The overarching aim of analysing YouTube test videos is then to re-situate tests on several levels. On the most fundamental level, we need to account for the platform as a demonstrational context in which tests do not figure as bounded mode of creating knowledge, but as highly entangled practice informed by platform affordances. Additionally, platforms potentially endow experimental situations with distinctive capacities, and/or they may inflect the morphology of situations - unbounded, metrically mediated, yet constantly occurring. To which extent can testing be perceived as specific genre on YouTube and how is it incorporating other genres like parody, satire, experiment? Moreover, online test videos may be creating continuities between the platform and everyday spaces like the home or the street as experimental settings and need to be resituated in regards to other sites of testing involved. And finally, test videos cannot be approached without situating them regarding the sensory, affective and embodied practices they involve, as they contribute to recallibrate affective experiences of the tested objects with their formal, aesthetic and/or institutional aspects.
In the context of the workshop we seek to explore tests as specifically situated valuation practice and to use digital methodologies of data analysis and visualisation to explore how they evaluate, appropriate and re-sensitize. We will do so by engaging with three different sets of questions and materials: (1) videos on autonomous driving (2) app reviews, guides and tests and (3) cybersecurity demos which shall be explored through short-form empirical projects. We kindly ask all participants to bring a laptop with them.

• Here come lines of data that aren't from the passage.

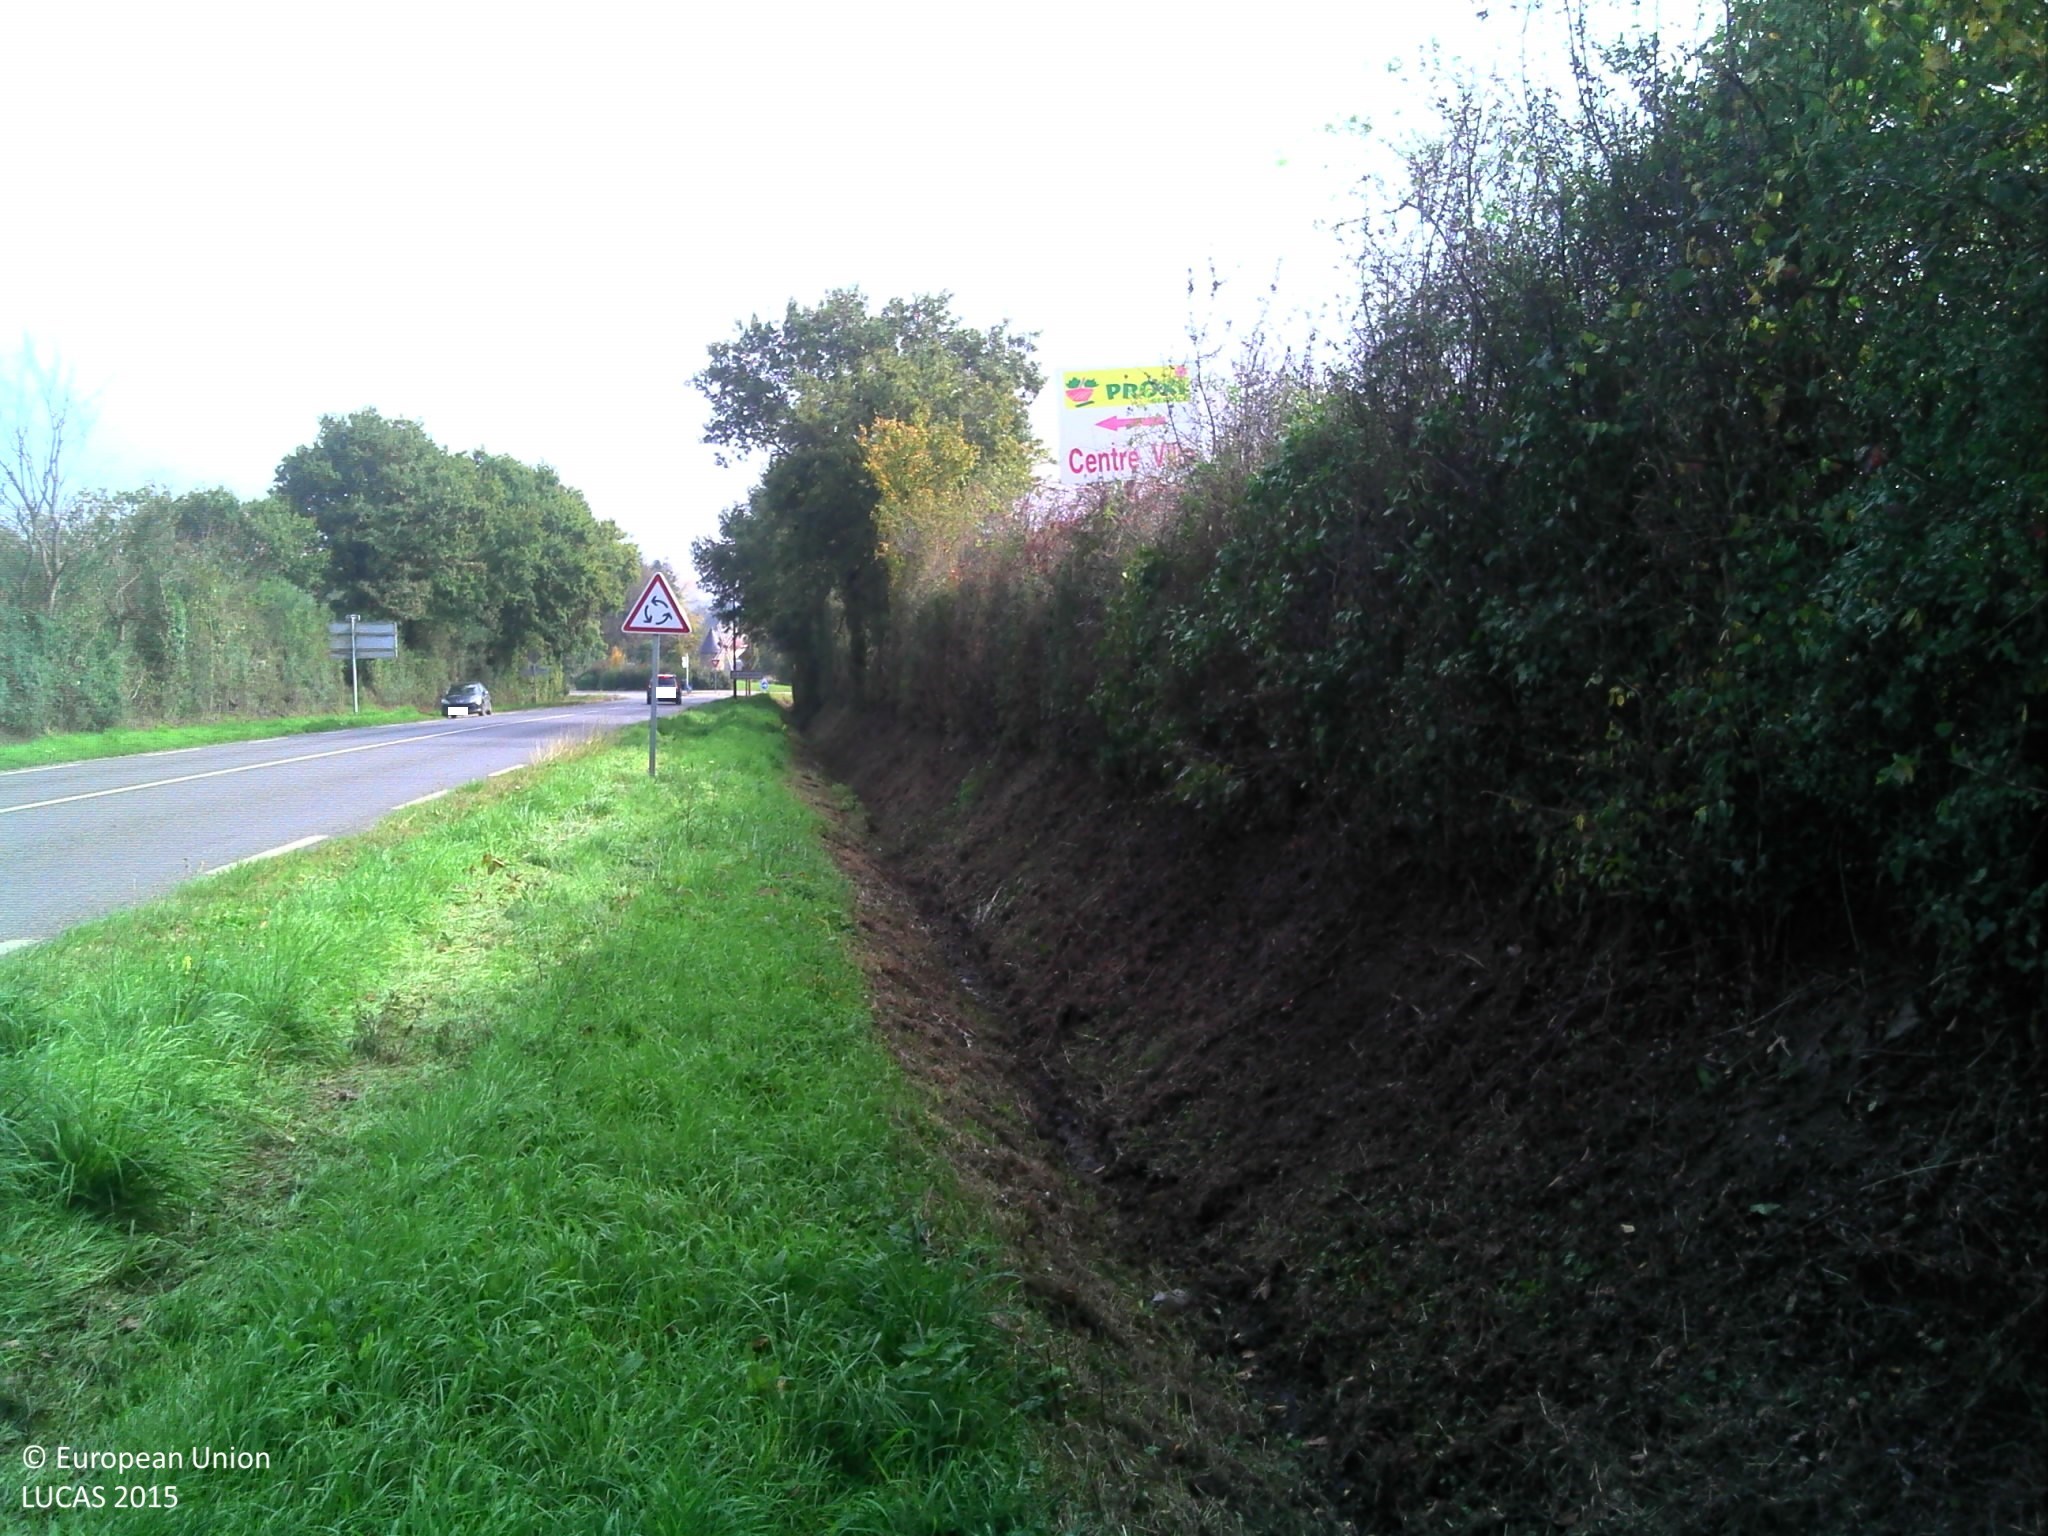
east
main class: Grassland
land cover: Grassland without tree/shrub cover
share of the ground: > 75 %
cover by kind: herbaceous plants 100 %
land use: Road transport
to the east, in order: Grassland without tree/shrub cover; Ditches and canals; Managed hedges; Electric lines; Maize; Grass margins; Broadleaved woodland; Spontaneously vegetated surfaces; Grass margins; Paved roads, cycling and walking lanes; Grass margins; Ditches and canals; Broadleaved woodland; Fences; Grassland without tree/shrub cover
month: October
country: FR
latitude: 47.0591
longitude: -0.9483

Workshop participants: Noortje Marres (CIM Warwick), Jess Perriam (Goldsmiths), Valentin Janda (Berlin), Laurie Waller (TUM Munich), Sarah de Rijcke (Leiden), Loup Cellard (CIM Warwick), Henry Mainsah (CIM Warwick), Pablo Velasco Gonzales (CIM Warwick), Sam Hind, Hendrik Bender, Tristan Thielmann, Carolin Gerlitz, Fernando van der Vlist, Jörg Potthast, Sebastian Gießmann Cornelius Schubert, Jörn Preuß, Johannes Paßmann, Pablo Abend, Max Kanderske, Tatjana Seitz, Marcus Burkhardt, Lena Teigeler, Lisa Gerzen (Siegen).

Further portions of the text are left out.